- _Work instructions_
Every record that follows is to be copied exactly, with the pictures omitted.

[Records from a collection]
========
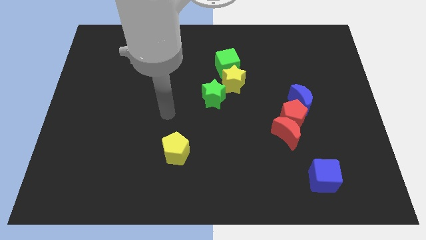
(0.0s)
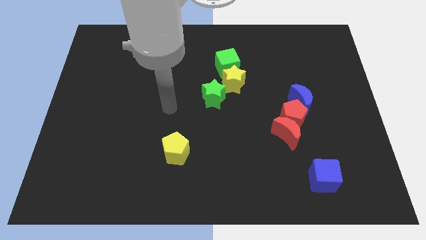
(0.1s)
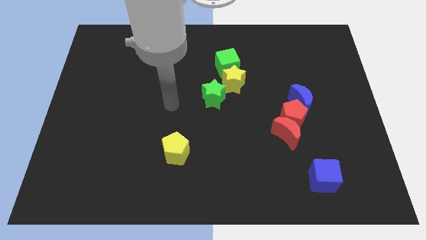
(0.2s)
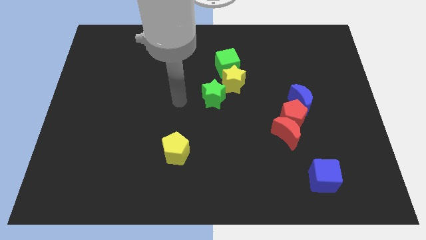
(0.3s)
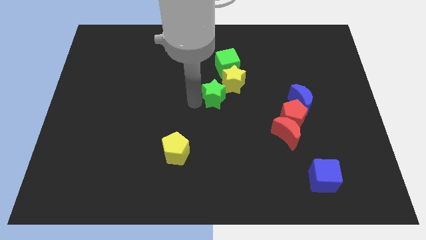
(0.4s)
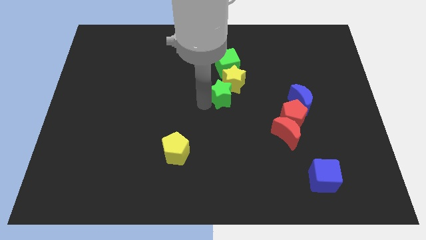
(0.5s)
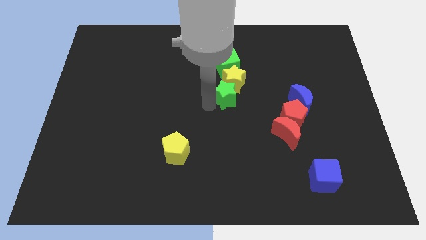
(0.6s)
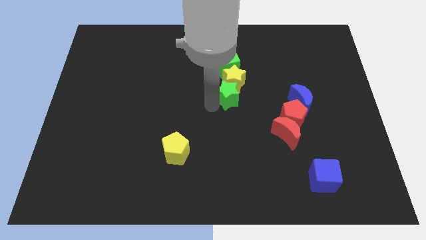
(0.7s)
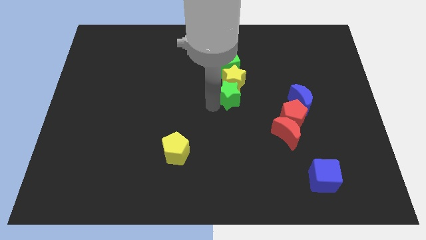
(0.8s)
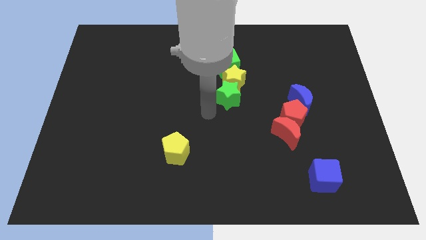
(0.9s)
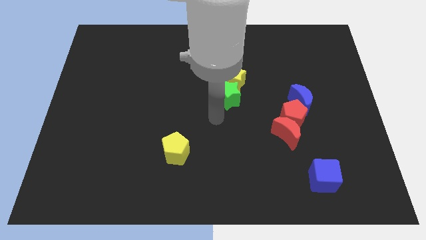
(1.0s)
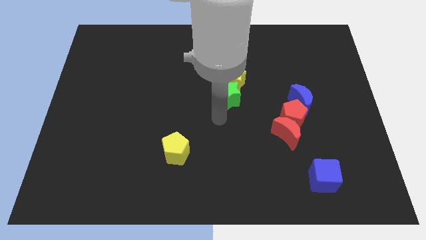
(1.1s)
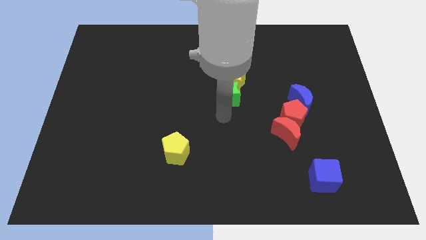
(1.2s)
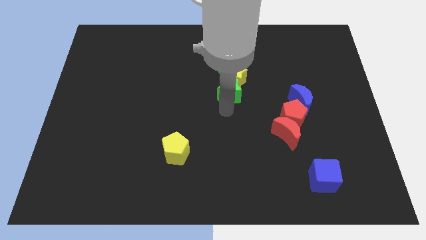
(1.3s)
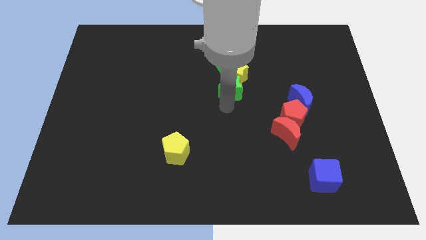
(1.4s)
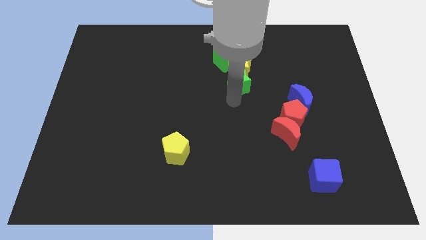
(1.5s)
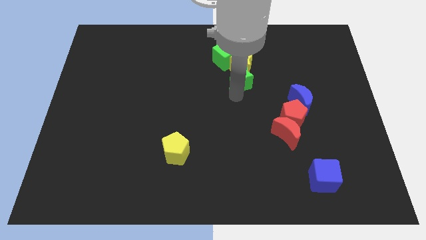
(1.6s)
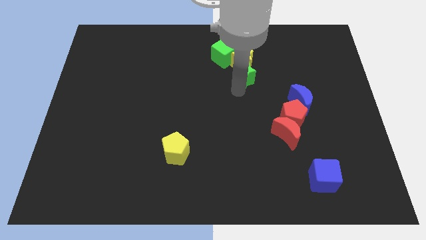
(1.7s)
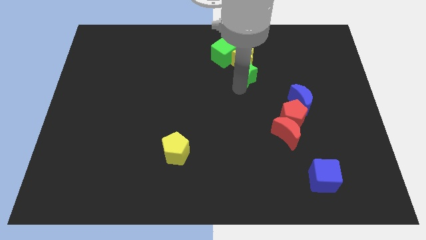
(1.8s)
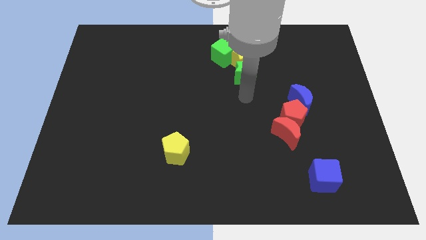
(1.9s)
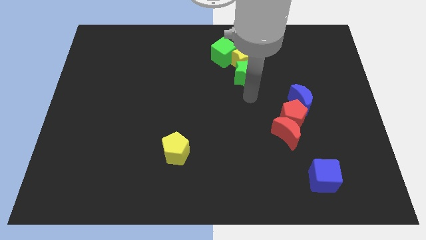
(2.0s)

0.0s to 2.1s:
push the green star yellow star and green cube together towards the top center
========
- _Response to the exercise_
(0.0s)
(0.1s)
(0.2s)
(0.3s)
(0.4s)
(0.5s)
(0.6s)
(0.7s)
(0.8s)
(0.9s)
(1.0s)
(1.1s)
(1.2s)
(1.3s)
(1.4s)
(1.5s)
(1.6s)
(1.7s)
(1.8s)
(1.9s)
(2.0s)

0.0s to 2.1s:
push the green star yellow star and green cube together towards the top center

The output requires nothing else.